Multinomial Naive Bayes (small baseline) #

This file is intentionally "small and executable": it uses String features/labels and Lean's HashMap for counting. It is not a tensor‑indexed spec model like most of NN/Spec/Models/*, but it lives here as a simple baseline / example.

Probabilities are computed in log space (via MathFunctions.log) to avoid underflow.

PyTorch note: PyTorch does not provide a Naive Bayes classifier in torch.nn; the closest ecosystem analogue is scikit-learn’s MultinomialNB. TorchLean keeps this file mainly as a readable reference and a quick baseline for demos/tests.

What "training" means here #

Naive Bayes is a counting model: training is just collecting label and feature counts from the dataset. The API keeps fitting and inference separate, so examples can show exactly where counts are learned and where predictions are made.

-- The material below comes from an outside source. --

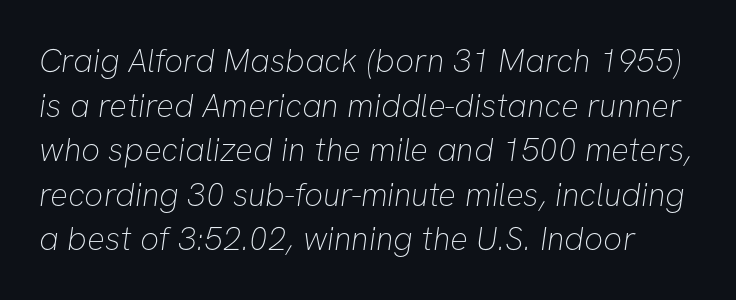
The font family rendered here belongs to the sans-serif group. The letters sit at their default tracking, neither squeezed nor spread. Each letter keeps its own natural width here, so spacing adapts to shape. The passage shown is not underscored anywhere.

The API exposes an explicit fit step that produces a Model, plus:

predictModel for inference using the fitted counts
negLogLikelihood as a standard training objective (useful for evaluation/comparison)

source

structure NaiveBayes.Example :

Type

One training example: a bag-of-words feature multiset and a class label.

features : List String
features.
label : String
Label.

Instances For

source

@[implicit_reducible]

instance NaiveBayes.instReprExample :

Repr Example

source

def NaiveBayes.instReprExample.repr :

Example → ℕ → Std.Format

Instances For

Fitted model #

Model stores the counts and some precomputed bookkeeping derived from the dataset. Nothing here depends on the scalar type α; we only need α when we turn counts into smoothed probabilities (log-space scores).

source

structure NaiveBayes.Model :

Type

Fitted multinomial Naive Bayes model.

This stores raw counts plus a little derived bookkeeping (labels, vocab, totalExamples). Scoring functions turn these counts into Laplace-smoothed log probabilities on demand.